> [Work instruction]:
Restrict the output to the lines below starting at the one that contains "སྐོར་བར་མ་ཟད་ཕྱག་སྟོང་འགྱུར་དུ་ཡང་གསུངས་སོ། །ཡང༑ སྐོར་བའི་སྔགས།" and ending at the one that contains "ཨོཾ་ཨཱཿ བིགྷ་ན་ཨཱ་ཧ་རེ་བྷྱཿ སྭཱཧཱ།།", and restate them word for word, both ends included.
= Beginning of Section =
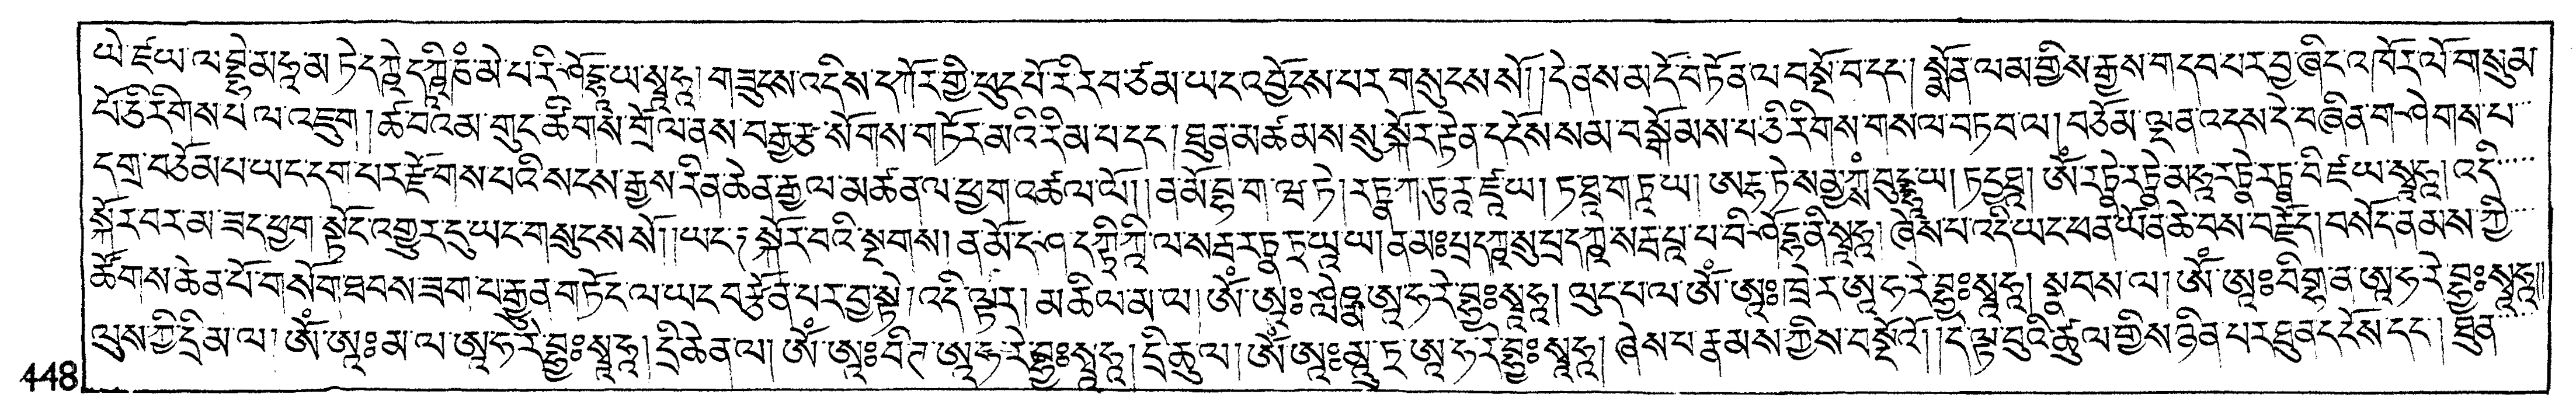ཡེ་ཛ་ཡ་ལབདྷེ་མཧཱ་མ་ཏེ་དཀྵེ་ཎྡཀྵེ་ཎཾ་མེ་པ་རི་ཤོདྷཱ་ཡ་སྭཱཧཱ། གཟུངས་འདིས་དཀོར་གྱི་ཕུང་པོ་རི་རབ་ཙམ་ཡང་འབྱོངས་པར་གསུངས་སོ། །དེ་ནས་མདོ་བཏོན་ལ་བསྔོ་བ་དང་། སྨོན་ལམ་གྱིས་རྒྱས་གདབ་པར་བྱ་ཞིང་འཁོར་ལོ་གསུམ་
པོ་ཅི་རིགས་པ་ལ་འཇུག །ཚ་བའམ་གུང་ཚིགས་གྲོལ་ནས་བརྒྱ་རྩ་སོགས་གཏོར་མའི་རིམ་པ་དང་། ཐུན་མཚམས་སུ་སྐོར་རྟེན་དངོས་སམ་བསྒོམས་པ་ཅི་རིགས་གསལ་བཏབ་ལ། བཅོམ་ལྡན་འདས་དེ་བཞིན་གཤེགས་པ་
དགྲ་བཅོམ་པ་ཡང་དག་པར་རྫོགས་པའི་སངས་རྒྱས་རིན་ཆེན་རྒྱལ་མཚན་ལ་ཕྱག་འཚལ་ལོ། །ན་མོ་བྷ་ག་ཝ་ཏེ། རཏྣ་ཀ་ཏུ་རཱ་ཛཱ་ཡ། ཏ་ཐཱ་ག་ཏཱ་ཡ། ཨརྷ་ཏེ་སམྱཀྶཾ་བུདྡྷཱ་ཡ། ཏ་དྱ་ཐཱ། ཨོཾ་རཏྣེ་རཏྣེ་མཧཱ་རཏྣེ་རཏྣ་བི་ཛ་ཡ་སྭཱཧཱ། འདི་
སྐོར་བར་མ་ཟད་ཕྱག་སྟོང་འགྱུར་དུ་ཡང་གསུངས་སོ། །ཡང༑ སྐོར་བའི་སྔགས། ན་མོ་ད་ཤ་དཀྟྲི་ཀཱི་ལ་སརྦ་རཏྣ་ཏྲ་ཡཱ་ཡ། ན་མཿ པྲ་དཀྵ་སུ་པྲ་དཀྵ་སརྦ་པཱ་པ་བི་ཤོ་དྷ་ནི་སྭཱཧཱ། ཞེས་པ་འདི་ཡང་ཕན་ཡོན་ཆེ་བས་བརྗོད། བསོད་ནམས་ཀྱི་
ཚོགས་ཆེན་པོ་གསོག་ཐབས་ཟག་པ་རྒྱུན་གཏོང་ལ་ཡང་བརྩོན་པར་བྱ་སྟེ། འདི་ལྟར། མཆིལ་མ་ལ། ཨོཾ་ཨཱཿ ཤླེཥྨ་ཨཱ་ཧ་རེ་བྷྱཿ སྭཱཧཱ། ལུད་པ་ལ་ཨོཾ་ཨཱཿ ཁྲེ་ར་ཨཱ་ཧ་རེ་བྷྱཿ སྭཱཧཱ། སྣབས་ལ། ཨོཾ་ཨཱཿ བིགྷ་ན་ཨཱ་ཧ་རེ་བྷྱཿ སྭཱཧཱ།།
ལུས་ཀྱི་དྲི་མ་ལ། ཨོཾ་ཨཱཿ མ་ལ་ཨཱ་ཧ་རེ་བྷྱཿ སྭཱཧཱ། དྲི་ཆེན་ལ། ཨོཾ་ཨཱཿ བི་ཊ་ཨཱ་ཧ་རེ་བྷྱཿ སྭཱཧཱ། དྲི་ཆུ་ལ། ཨོཾ་ཨཱཿ མཱུ་ཏྲ་ཨཱ་ཧ་རེ་བྷྱཿ སྭཱཧཱ། ཞེས་པ་རྣམས་ཀྱི་བསྔོའོ། །དེ་ལྟ་བུའི་ཚུལ་གྱིས་ཉིན་པར་ཐུན་དངོས་དང་། ཐུན་
= End of Section =
> [Solution]:
སྐོར་བར་མ་ཟད་ཕྱག་སྟོང་འགྱུར་དུ་ཡང་གསུངས་སོ། །ཡང༑ སྐོར་བའི་སྔགས། ན་མོ་ད་ཤ་དཀྟྲི་ཀཱི་ལ་སརྦ་རཏྣ་ཏྲ་ཡཱ་ཡ། ན་མཿ པྲ་དཀྵ་སུ་པྲ་དཀྵ་སརྦ་པཱ་པ་བི་ཤོ་དྷ་ནི་སྭཱཧཱ། ཞེས་པ་འདི་ཡང་ཕན་ཡོན་ཆེ་བས་བརྗོད། བསོད་ནམས་ཀྱི་
ཚོགས་ཆེན་པོ་གསོག་ཐབས་ཟག་པ་རྒྱུན་གཏོང་ལ་ཡང་བརྩོན་པར་བྱ་སྟེ། འདི་ལྟར། མཆིལ་མ་ལ། ཨོཾ་ཨཱཿ ཤླེཥྨ་ཨཱ་ཧ་རེ་བྷྱཿ སྭཱཧཱ། ལུད་པ་ལ་ཨོཾ་ཨཱཿ ཁྲེ་ར་ཨཱ་ཧ་རེ་བྷྱཿ སྭཱཧཱ། སྣབས་ལ། ཨོཾ་ཨཱཿ བིགྷ་ན་ཨཱ་ཧ་རེ་བྷྱཿ སྭཱཧཱ།།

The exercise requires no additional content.